Image by NIAID (CC BY 2.0)

London’s largest sexual health clinic, Dean Street is on track to record a huge drop in new HIV cases for a second successive year. In light of this, Dean Street has set itself a target of zero new infections after  witnessing a two-thirds fall in the number of new diagnoses since 2015.

So what’s happened? – PrEP has happened.  PrEP is a HIV prevention, once a day pill which you take regularly, or semi regular (depending on your circumstances).  For more information on PrEP please visit Prepster or The Terrence Higgins Trust

The reduction in new HIV diagnosis attributed to intensive testing of high-risk gay men, quick access to antiretroviral therapy and trials of PrEP which will be offered free on the NHS to 10,000 people from next month.

Dean Street diagnosed 136 people with HIV between January and July, putting it on course for a total of 233 by the end of the year.  If achieved, this would be the second successive fall in excess of 40 per cent, down from 679 in 2015 and 393 last year, when clinicians first raised the possibility of defeating HIV.

Dean Street’s figures are notable as it is also the largest HIV clinic in Europe and typically accounts for one in nine of all new cases in the UK.

Lead clinician Dr Alan McOwan said the latest figures were “great but not good enough” and told the Standard: “It’s a very exciting time. Everyone is so motivated to make this work. In 2015 we were diagnosing about 60 to 70 people positive a month. It dropped dramatically last year, and it’s still dropping. Over the last few months it’s between 15 to 20 people a month.”

Public Health England figures show that the total number of HIV diagnoses in London has fallen steadily from more than 3,000 in 2006 to 2,603 in 2015. It has risen within the highest-risk group of “men who have sex with men”, who now account for more than half the cases. One in seven gay and bisexual men in the capital has HIV.

Figures published earlier this summer for London’s five busiest clinics, including Dean Street and Mortimer Market, also in Soho, showed a 32 per cent fall in new HIV cases, from 880 to 595, in the year to last September.

Dr McOwan said the initial fall in infections diagnosed at Dean Street since 2015 had been concentrated among “very well-informed, assertive people” who bought PrEP online and followed medical advice.
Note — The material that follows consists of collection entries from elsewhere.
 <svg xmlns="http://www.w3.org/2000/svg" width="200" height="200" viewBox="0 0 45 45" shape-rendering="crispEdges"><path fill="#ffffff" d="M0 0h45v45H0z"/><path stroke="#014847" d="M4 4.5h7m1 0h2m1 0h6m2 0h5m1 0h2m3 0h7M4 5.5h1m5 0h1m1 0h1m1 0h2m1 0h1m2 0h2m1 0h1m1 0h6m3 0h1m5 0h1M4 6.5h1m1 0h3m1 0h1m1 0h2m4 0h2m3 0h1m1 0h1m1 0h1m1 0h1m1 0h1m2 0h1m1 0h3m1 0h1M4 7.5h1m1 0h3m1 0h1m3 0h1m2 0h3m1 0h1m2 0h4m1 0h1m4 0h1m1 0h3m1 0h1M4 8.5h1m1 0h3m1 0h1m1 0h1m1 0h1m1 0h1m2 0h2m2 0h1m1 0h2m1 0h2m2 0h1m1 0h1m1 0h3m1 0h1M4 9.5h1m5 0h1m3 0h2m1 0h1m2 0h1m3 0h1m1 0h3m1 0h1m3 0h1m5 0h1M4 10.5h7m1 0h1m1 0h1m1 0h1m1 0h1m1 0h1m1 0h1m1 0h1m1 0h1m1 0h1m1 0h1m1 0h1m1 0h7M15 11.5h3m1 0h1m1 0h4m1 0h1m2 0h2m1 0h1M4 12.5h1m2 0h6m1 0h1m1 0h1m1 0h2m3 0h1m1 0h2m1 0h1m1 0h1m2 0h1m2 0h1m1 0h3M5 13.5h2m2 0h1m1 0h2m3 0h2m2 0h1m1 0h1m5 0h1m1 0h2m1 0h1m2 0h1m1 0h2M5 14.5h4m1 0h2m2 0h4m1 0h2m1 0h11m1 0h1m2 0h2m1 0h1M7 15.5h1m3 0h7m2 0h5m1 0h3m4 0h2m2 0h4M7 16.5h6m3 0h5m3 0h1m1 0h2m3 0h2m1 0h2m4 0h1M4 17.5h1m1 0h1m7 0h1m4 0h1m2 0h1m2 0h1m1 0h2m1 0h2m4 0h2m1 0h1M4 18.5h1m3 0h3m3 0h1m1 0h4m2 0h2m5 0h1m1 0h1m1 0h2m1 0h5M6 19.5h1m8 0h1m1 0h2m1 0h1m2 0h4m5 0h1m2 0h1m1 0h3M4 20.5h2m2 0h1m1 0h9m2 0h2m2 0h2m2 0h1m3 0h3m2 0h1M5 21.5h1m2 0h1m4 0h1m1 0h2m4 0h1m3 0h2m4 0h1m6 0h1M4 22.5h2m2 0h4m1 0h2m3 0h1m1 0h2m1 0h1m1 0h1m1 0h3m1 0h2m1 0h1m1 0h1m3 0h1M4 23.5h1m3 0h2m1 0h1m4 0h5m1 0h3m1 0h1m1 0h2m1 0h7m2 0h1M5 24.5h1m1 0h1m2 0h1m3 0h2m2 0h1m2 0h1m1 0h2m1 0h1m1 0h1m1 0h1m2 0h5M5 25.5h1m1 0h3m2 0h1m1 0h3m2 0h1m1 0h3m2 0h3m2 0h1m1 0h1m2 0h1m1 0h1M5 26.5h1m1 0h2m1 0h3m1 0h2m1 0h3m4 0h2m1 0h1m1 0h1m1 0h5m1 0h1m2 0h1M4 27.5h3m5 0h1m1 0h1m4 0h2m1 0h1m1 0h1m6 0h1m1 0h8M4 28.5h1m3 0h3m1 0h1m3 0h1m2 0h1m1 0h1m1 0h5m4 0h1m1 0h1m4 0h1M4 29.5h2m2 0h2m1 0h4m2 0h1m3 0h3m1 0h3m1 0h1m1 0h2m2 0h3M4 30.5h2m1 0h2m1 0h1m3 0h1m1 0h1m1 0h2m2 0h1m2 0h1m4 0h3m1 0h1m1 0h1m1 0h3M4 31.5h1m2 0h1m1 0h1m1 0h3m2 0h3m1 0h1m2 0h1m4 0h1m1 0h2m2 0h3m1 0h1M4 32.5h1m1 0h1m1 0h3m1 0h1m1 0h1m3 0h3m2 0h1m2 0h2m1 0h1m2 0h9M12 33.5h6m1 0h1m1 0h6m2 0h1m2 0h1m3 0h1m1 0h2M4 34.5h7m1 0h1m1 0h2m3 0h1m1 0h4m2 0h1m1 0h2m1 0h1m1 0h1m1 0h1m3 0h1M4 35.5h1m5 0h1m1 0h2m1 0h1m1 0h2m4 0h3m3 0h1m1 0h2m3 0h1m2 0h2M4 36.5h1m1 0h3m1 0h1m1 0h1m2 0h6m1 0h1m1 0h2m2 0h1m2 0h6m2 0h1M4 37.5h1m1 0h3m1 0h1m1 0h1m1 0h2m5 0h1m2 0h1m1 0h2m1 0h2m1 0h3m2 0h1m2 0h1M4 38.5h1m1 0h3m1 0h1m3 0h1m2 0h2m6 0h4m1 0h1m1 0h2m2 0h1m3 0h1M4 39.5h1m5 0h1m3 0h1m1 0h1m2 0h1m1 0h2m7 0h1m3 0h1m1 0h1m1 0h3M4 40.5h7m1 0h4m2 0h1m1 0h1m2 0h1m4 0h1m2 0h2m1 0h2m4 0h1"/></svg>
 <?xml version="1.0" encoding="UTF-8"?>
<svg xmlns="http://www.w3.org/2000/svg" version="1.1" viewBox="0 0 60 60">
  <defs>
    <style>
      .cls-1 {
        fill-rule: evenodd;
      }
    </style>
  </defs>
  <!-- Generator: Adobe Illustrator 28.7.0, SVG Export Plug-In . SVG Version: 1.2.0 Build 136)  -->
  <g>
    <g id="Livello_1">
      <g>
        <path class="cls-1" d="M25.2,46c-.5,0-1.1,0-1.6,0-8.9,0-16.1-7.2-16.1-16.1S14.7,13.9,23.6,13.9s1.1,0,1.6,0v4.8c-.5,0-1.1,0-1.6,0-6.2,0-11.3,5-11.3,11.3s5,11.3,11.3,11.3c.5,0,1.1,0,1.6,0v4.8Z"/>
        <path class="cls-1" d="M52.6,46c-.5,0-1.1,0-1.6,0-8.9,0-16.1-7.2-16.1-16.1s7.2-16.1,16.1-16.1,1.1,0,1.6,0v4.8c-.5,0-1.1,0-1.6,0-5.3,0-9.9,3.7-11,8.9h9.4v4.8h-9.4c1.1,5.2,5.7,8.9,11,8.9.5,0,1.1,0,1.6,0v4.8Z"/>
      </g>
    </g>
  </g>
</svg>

The clinic’s Plan Zero initiative, unveiled this week, will provide tailored advice online to “harder to reach” gay and bisexual men on how to reduce the risk of contracting HIV, and preventing onward transmission. “Shockingly, there are still groups of people who have very, very little awareness of even the basics of HIV,” Dr McOwan said. Participants are asked to answer five questions about their lifestyle, adapting the answers depending on whether they are HIV positive or negative, have sex with multiple partners, use condoms, or take PrEP.

“We finally have the tools to end HIV,” Dr McOwan said. “Plan Zero brings them together into one package. We will beat HIV if we all act together.”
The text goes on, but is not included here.